#### The data ####
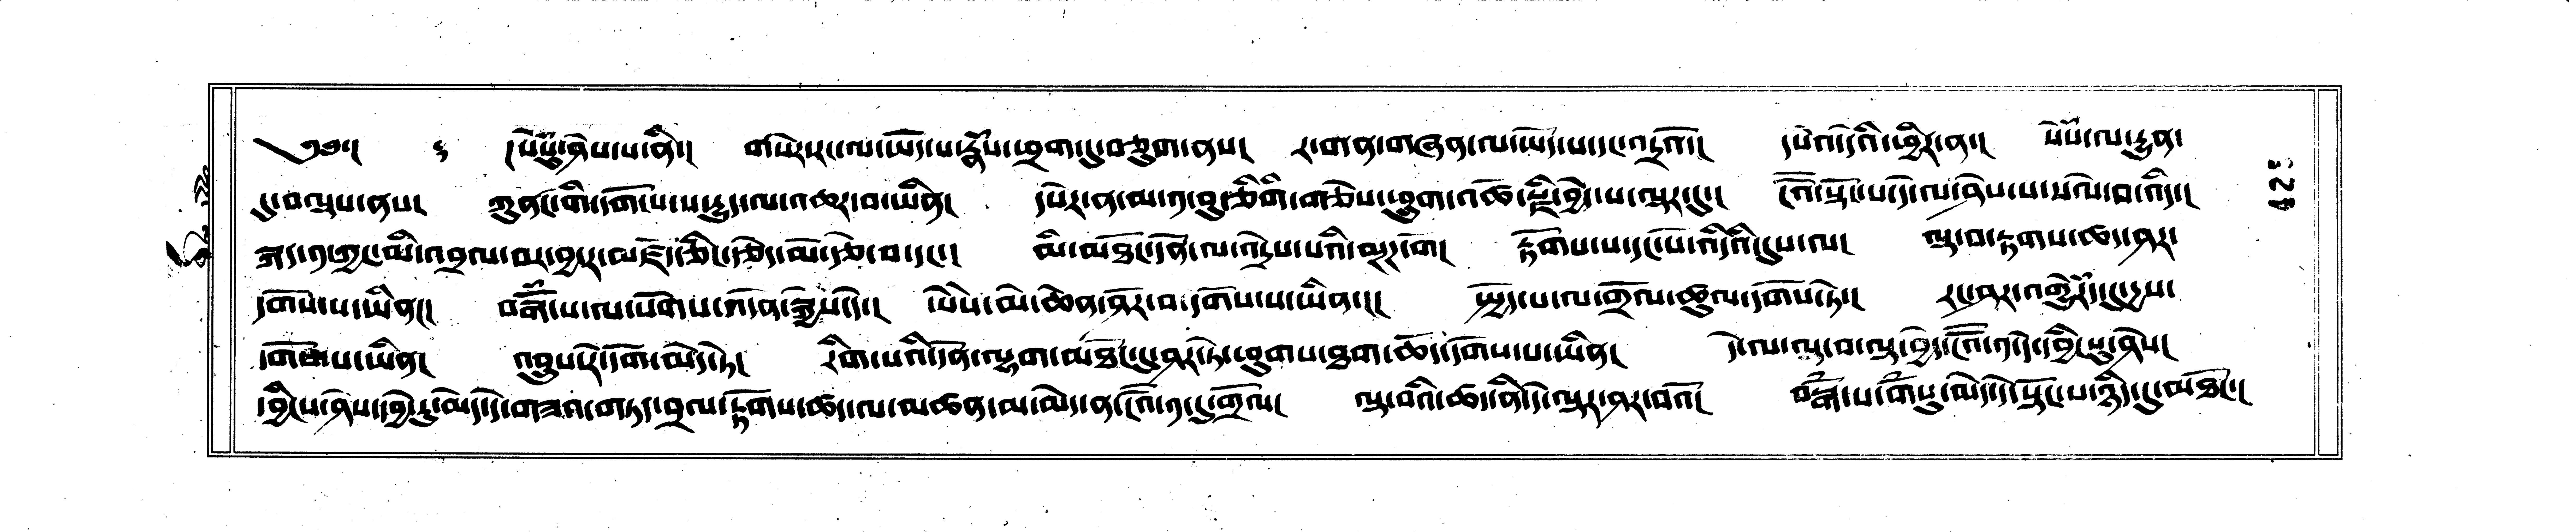སེམས་སུ་མ་ཤེས་པ་ནི། གསེར་རང་ལ་ཡོད་པ་རྣམས་ཕྲག་དུ་བཅུག་ནས། ར་གན་གཞན་ལས་ཉོ་བ་དང་འདྲ་བོ། དཔེ་དེའི་ཕྱིར་ན། སེམས་ལ་རྒྱུན་
དུ་བལྟས་ན། ཀུན་བཟང་གིས་དགོངས་པ་རྒྱུད་ལ་འཆར་བ་ཡིན་ནོ། དཔེར་ན་མ་ཅིག་བུ་གཅིག་གིས་གཅེས་ཕྲུག་པ་འཚོ་རྫི་བྱས་པ་ལྟར་དུ། ངོའོ་སྟོང་པ་དེ་ལ་ཤེས་ལ་སལེ་བ་འདི། 
སྐད་ཅིག་ཀྱང་མི་འབྲལ་བར་བྱ་བར་མཛད་ཅིང་རྩེ་མོ་རྩེས་དང་། མི་མཐོང་དོན་ལ་འདྲིས་པའི་མེན་ངག་གོ རྟོག་པ་དང་པོ་འདིའི་དུས་ལ། ལྟ་བ་ལ་རྟོགས་ཚད་ཤར་
དགོས་པ་ཡིན། བསྒོམ་པ་ལ་བོག་འདོན་སྐྱེ་སྟེ། ཡེ་ཤེས་ཀྱི་མེ་ཆེན་ཤོར་དགོས་པ་ཡིན། སྤྱོད་པ་ལ་གྲོལ་ཚུལ་དགོས་ཏེ། རང་ཤར་འགྱུར་མེད་དུ་རྒྱས་
དགོས་པ་ཡིན། འབྲས་བུ་ལ་རེ་དོག་མེད་དེ། རིག་པའི་ཡེ་ཤེས་ལྷག་མཐོང་དུ་ཤར་ཏེ་ཕུ་ཐག་ནང་དུ་ཆོད་དགོས་པ་ཡིན། དེ་ལ་ལྟ་བྱ་ལྟ་བྱེད་ཀྱིས་ངོའོ་ཅིག་སྟེ་དབྱིངས་སུ་ཤེས། 
དབྱིངས་ཤེས་དབྱེར་རུ་མེད་དེ་གཟའ་གཏད་བྲལ། རྟག་ཆད་མཚན་མ་མེད་ན་ངོའོ་ཉིད་དུ་གྲོལ། ལྟ་བའི་ཚད་ནི་དེ་ལྟར་ཤར་བའོ། བསྒོམ་པ་བསྒོམ་དུ་མེད་དེ་སྟོང་པ་ཉིད་དུ་མཐོང་།
####
What is needed: Verbatim output of every entry above is required, though pictures are to be left out.

Exercise result:
སེམས་སུ་མ་ཤེས་པ་ནི། གསེར་རང་ལ་ཡོད་པ་རྣམས་ཕྲག་དུ་བཅུག་ནས། ར་གན་གཞན་ལས་ཉོ་བ་དང་འདྲ་བོ། དཔེ་དེའི་ཕྱིར་ན། སེམས་ལ་རྒྱུན་
དུ་བལྟས་ན། ཀུན་བཟང་གིས་དགོངས་པ་རྒྱུད་ལ་འཆར་བ་ཡིན་ནོ། དཔེར་ན་མ་ཅིག་བུ་གཅིག་གིས་གཅེས་ཕྲུག་པ་འཚོ་རྫི་བྱས་པ་ལྟར་དུ། ངོའོ་སྟོང་པ་དེ་ལ་ཤེས་ལ་སལེ་བ་འདི། 
སྐད་ཅིག་ཀྱང་མི་འབྲལ་བར་བྱ་བར་མཛད་ཅིང་རྩེ་མོ་རྩེས་དང་། མི་མཐོང་དོན་ལ་འདྲིས་པའི་མེན་ངག་གོ རྟོག་པ་དང་པོ་འདིའི་དུས་ལ། ལྟ་བ་ལ་རྟོགས་ཚད་ཤར་
དགོས་པ་ཡིན། བསྒོམ་པ་ལ་བོག་འདོན་སྐྱེ་སྟེ། ཡེ་ཤེས་ཀྱི་མེ་ཆེན་ཤོར་དགོས་པ་ཡིན། སྤྱོད་པ་ལ་གྲོལ་ཚུལ་དགོས་ཏེ། རང་ཤར་འགྱུར་མེད་དུ་རྒྱས་
དགོས་པ་ཡིན། འབྲས་བུ་ལ་རེ་དོག་མེད་དེ། རིག་པའི་ཡེ་ཤེས་ལྷག་མཐོང་དུ་ཤར་ཏེ་ཕུ་ཐག་ནང་དུ་ཆོད་དགོས་པ་ཡིན། དེ་ལ་ལྟ་བྱ་ལྟ་བྱེད་ཀྱིས་ངོའོ་ཅིག་སྟེ་དབྱིངས་སུ་ཤེས། 
དབྱིངས་ཤེས་དབྱེར་རུ་མེད་དེ་གཟའ་གཏད་བྲལ། རྟག་ཆད་མཚན་མ་མེད་ན་ངོའོ་ཉིད་དུ་གྲོལ། ལྟ་བའི་ཚད་ནི་དེ་ལྟར་ཤར་བའོ། བསྒོམ་པ་བསྒོམ་དུ་མེད་དེ་སྟོང་པ་ཉིད་དུ་མཐོང་།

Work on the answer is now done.